List:Internals« Previous MessageNext Message »
From:Zardosht Kasheff Date:March 2 2010 1:11pm
Subject:Re: question on HA_EXTRA_IGNORE_DUP_KEY
View as plain text  
Are there other problems besides what has been listed? I ask because
the performance advantage we can gain from this optimization is huge.

Thanks
-Zardosht

On Tue, Mar 2, 2010 at 4:08 AM, Sergey Vojtovich <svoj@stripped> wrote:
> Hi Zardosht,
>
> thanks for this explanation. Sounds like a nice idea, but still it will
> not work with all MySQL subsystems correctly.
>
> Regards,
> Sergey
>
> On Fri, Feb 26, 2010 at 10:20:40AM -0500, Zardosht Kasheff wrote:
>> Hello Sergey and Sergei,
>>
>> In handler::write_row, the row is written, while the uniqueness check
>> is deferred to the background or to query time (whichever comes
>> first). So, if the deferred uniqueness check finds a duplicate, the
>> inserted row is thrown away.
>>
>> If the row should not be there due to a duplicate, the user will never
>> see that row in a query.
>>
>> We do a similar thing with replace into. Only, instead of throwing
>> away the new row, we overwrite the old row with the new row.
>>
>> -Zardosht
>>
>> On Fri, Feb 26, 2010 at 6:41 AM, Sergey Vojtovich <svoj@stripped> wrote:
>> > Hi Zardosht,
>> >
>> > On Thu, Feb 25, 2010 at 02:31:11PM -0500, Zardosht Kasheff wrote:
>> >> Can you please elaborate on the problems?

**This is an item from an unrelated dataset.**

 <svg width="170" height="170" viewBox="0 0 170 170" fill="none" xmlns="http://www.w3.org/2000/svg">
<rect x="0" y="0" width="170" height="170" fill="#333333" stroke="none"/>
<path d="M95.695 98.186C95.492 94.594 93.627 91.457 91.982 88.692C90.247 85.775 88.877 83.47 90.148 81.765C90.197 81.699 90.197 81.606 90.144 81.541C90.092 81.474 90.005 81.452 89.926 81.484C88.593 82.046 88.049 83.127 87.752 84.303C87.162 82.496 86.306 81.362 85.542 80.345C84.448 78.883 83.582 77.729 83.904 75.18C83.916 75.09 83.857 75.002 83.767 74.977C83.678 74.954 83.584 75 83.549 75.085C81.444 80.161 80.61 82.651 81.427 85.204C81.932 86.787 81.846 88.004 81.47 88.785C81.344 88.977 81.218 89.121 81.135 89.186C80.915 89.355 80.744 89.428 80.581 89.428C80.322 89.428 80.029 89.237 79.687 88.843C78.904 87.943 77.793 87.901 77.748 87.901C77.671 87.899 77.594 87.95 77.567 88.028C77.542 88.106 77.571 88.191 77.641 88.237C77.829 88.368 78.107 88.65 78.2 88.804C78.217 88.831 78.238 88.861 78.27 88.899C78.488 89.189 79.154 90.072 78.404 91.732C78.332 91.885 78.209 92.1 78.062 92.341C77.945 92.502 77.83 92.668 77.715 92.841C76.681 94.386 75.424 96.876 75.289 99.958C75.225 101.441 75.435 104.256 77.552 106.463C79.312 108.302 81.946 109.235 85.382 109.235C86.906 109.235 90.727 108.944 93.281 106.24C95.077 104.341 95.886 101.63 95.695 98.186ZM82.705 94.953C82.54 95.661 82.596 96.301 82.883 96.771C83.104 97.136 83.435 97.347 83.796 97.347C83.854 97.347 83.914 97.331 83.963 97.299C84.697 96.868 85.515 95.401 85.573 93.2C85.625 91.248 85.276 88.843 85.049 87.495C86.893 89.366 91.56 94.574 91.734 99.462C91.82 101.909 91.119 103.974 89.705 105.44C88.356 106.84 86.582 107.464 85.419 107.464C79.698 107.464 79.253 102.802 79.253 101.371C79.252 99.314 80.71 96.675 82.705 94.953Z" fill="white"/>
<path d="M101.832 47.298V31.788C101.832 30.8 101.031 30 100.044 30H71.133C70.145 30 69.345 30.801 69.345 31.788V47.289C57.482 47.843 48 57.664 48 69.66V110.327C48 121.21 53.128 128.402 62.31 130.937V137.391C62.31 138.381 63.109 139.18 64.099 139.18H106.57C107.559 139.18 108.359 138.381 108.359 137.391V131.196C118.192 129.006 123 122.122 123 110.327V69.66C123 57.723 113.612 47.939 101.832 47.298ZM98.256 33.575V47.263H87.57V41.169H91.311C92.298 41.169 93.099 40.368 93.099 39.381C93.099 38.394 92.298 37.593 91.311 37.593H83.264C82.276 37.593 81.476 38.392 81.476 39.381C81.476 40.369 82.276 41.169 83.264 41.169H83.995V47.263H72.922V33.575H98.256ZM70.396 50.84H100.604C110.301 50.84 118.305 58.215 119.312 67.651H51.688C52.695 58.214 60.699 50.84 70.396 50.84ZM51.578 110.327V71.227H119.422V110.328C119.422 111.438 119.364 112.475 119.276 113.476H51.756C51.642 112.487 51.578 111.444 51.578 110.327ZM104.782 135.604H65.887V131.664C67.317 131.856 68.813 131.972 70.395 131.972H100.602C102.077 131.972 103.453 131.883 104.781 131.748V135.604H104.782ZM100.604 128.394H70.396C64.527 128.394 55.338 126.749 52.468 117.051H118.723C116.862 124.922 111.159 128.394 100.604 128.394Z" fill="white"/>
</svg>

>> > * http://dev.mysql.com/doc/refman/5.1/en/trigger-syntax.html
>> >  <quot>
>> >    An AFTER trigger is executed only if the BEFORE trigger (if
> any)
>> >    and the row operation both execute successfully.
>> >  </quot>
>> >
>> >  Assume we have AFTER INSERT trigger, which gets executed for a row
>> >  that was not actually written. It is rather confusing.
>> >
>> > * Written rows counter will count duplicate (=thrown away) rows. Users
>> >  may rely on this counter.
>> >
>> > * As for the auto increment - I can't provide qualified answer atm. But
>> >  have a strong feeling that it will not work as expected.
>> >
>> >> Normally, with Insert ignore, a disk seek is required  to verify
>> >> uniquness of the element (and thus the return of an error). If I do
>> >> not need to return an error, the disk seek is unnecessary.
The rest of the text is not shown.